Reproduce all the records word for word. Omit images.
--- START ---
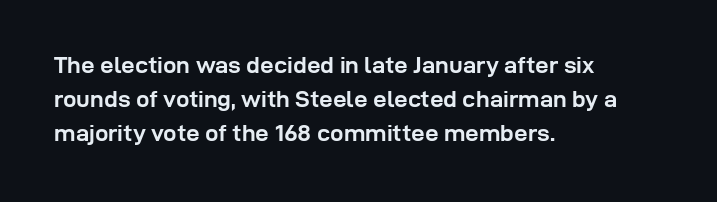
The passage shown stacks its lines at a standard gap. These lines keep a tight, regular rhythm from letter to letter. Descenders hang freely into open space. The sample has been set heavy, in full bold. Leftover space on each line is placed entirely after the last word. Nope, not italic — everything's standing straight.
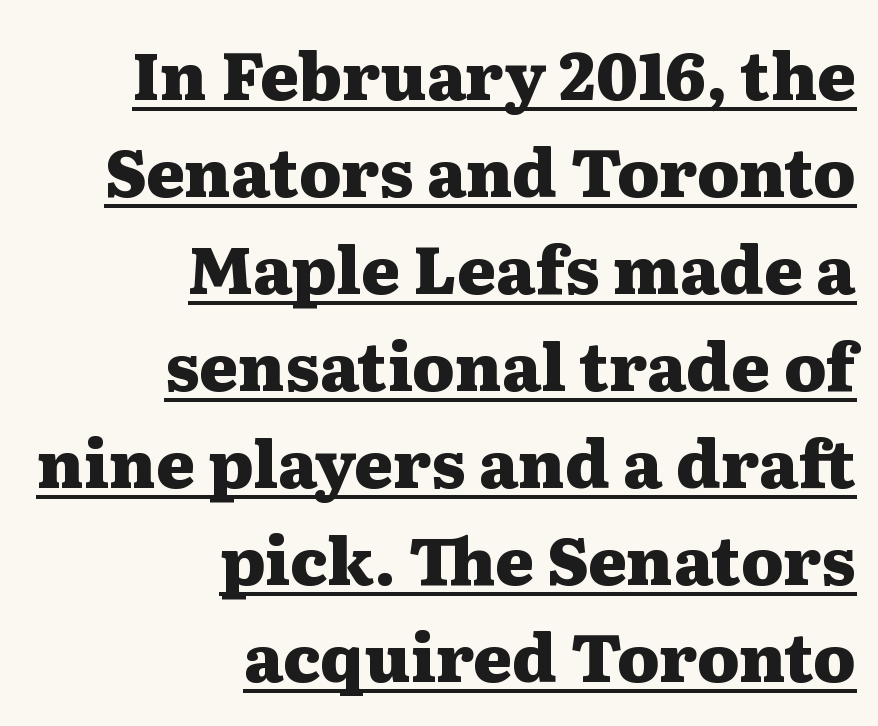
The image shows 66 px heavy, wide serif type, upright; set right-aligned, normal line spacing (1.47x), normal letter spacing, underlined; medium stroke contrast and a medium x-height.
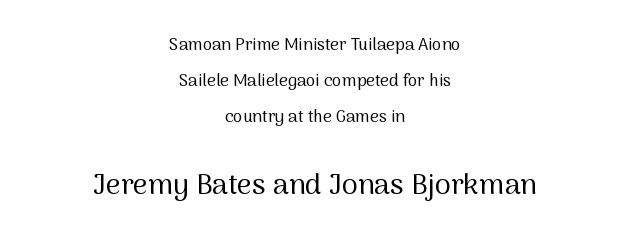
Q: Is the text bold? A: No.
Q: Is the text italic (slanted)? A: No, it is upright.
Q: Is the typeface a serif or a sans-serif typeface? A: Sans-serif.
Q: Is the text underlined? A: No.
Q: How is the paragraph aligned? A: Centered.
Q: Is the spacing between letters normal or unusually wide? A: Normal.
Q: Is the spacing between lines tight, normal or loose? A: Loose.
Q: Which block of text is set in a larger size, the first (top) or the second (bottom)? A: The second (bottom) one.
Q: Width (condensed, normal, or wide)? A: Normal.
Q: Stroke contrast? A: Medium.
Q: x-height? A: Medium.
Q: Monospaced? A: No.
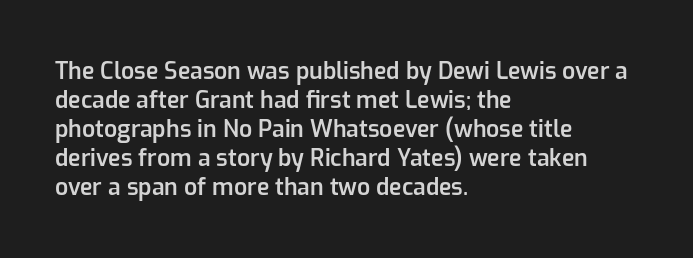
The image shows 23 px text type, upright; set left-aligned, normal line spacing (1.26x), normal letter spacing, not underlined.
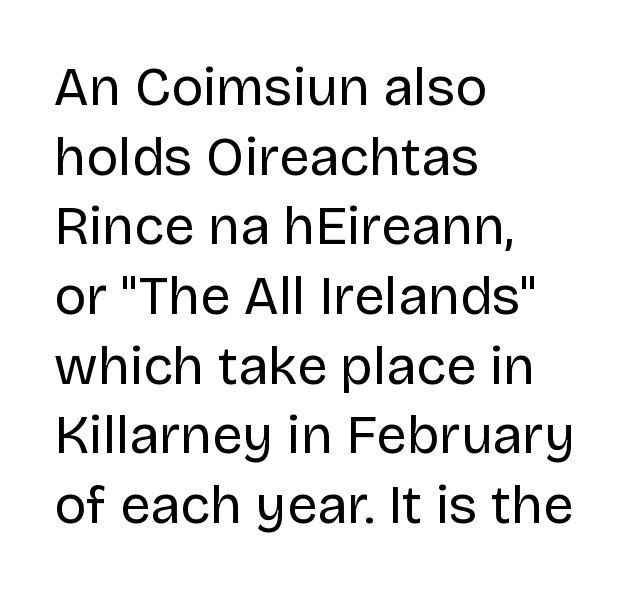
If you drew a ruler down the left edge, every line would touch it. The zone under the glyphs is completely vacant. No extra tracking has been applied to these lines. On a weight scale, this lands at 450 or below.
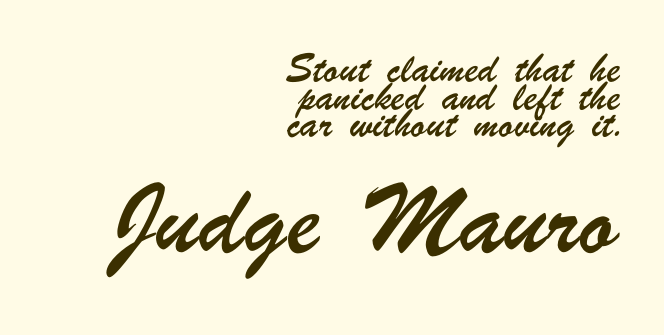
{"serif": "no", "width": "condensed", "stroke_contrast": "low", "x_height": "small", "monospaced": "no", "underline": "no", "align": "right", "line_spacing": "normal", "line_spacing_ratio": 1.54, "letter_spacing": "normal", "letter_spacing_em": 0.0, "larger_block": "second", "size_ratio": 2.44, "glyph_px": 44}
--- END ---
Exercise answer:
The passage shown stacks its lines at a standard gap. These lines keep a tight, regular rhythm from letter to letter. Descenders hang freely into open space. The sample has been set heavy, in full bold. Leftover space on each line is placed entirely after the last word. Nope, not italic — everything's standing straight.
The image shows 66 px heavy, wide serif type, upright; set right-aligned, normal line spacing (1.47x), normal letter spacing, underlined; medium stroke contrast and a medium x-height.
Q: Is the text bold? A: No.
Q: Is the text italic (slanted)? A: No, it is upright.
Q: Is the typeface a serif or a sans-serif typeface? A: Sans-serif.
Q: Is the text underlined? A: No.
Q: How is the paragraph aligned? A: Centered.
Q: Is the spacing between letters normal or unusually wide? A: Normal.
Q: Is the spacing between lines tight, normal or loose? A: Loose.
Q: Which block of text is set in a larger size, the first (top) or the second (bottom)? A: The second (bottom) one.
Q: Width (condensed, normal, or wide)? A: Normal.
Q: Stroke contrast? A: Medium.
Q: x-height? A: Medium.
Q: Monospaced? A: No.
The image shows 23 px text type, upright; set left-aligned, normal line spacing (1.26x), normal letter spacing, not underlined.
If you drew a ruler down the left edge, every line would touch it. The zone under the glyphs is completely vacant. No extra tracking has been applied to these lines. On a weight scale, this lands at 450 or below.
{"serif": "no", "width": "condensed", "stroke_contrast": "low", "x_height": "small", "monospaced": "no", "underline": "no", "align": "right", "line_spacing": "normal", "line_spacing_ratio": 1.54, "letter_spacing": "normal", "letter_spacing_em": 0.0, "larger_block": "second", "size_ratio": 2.44, "glyph_px": 44}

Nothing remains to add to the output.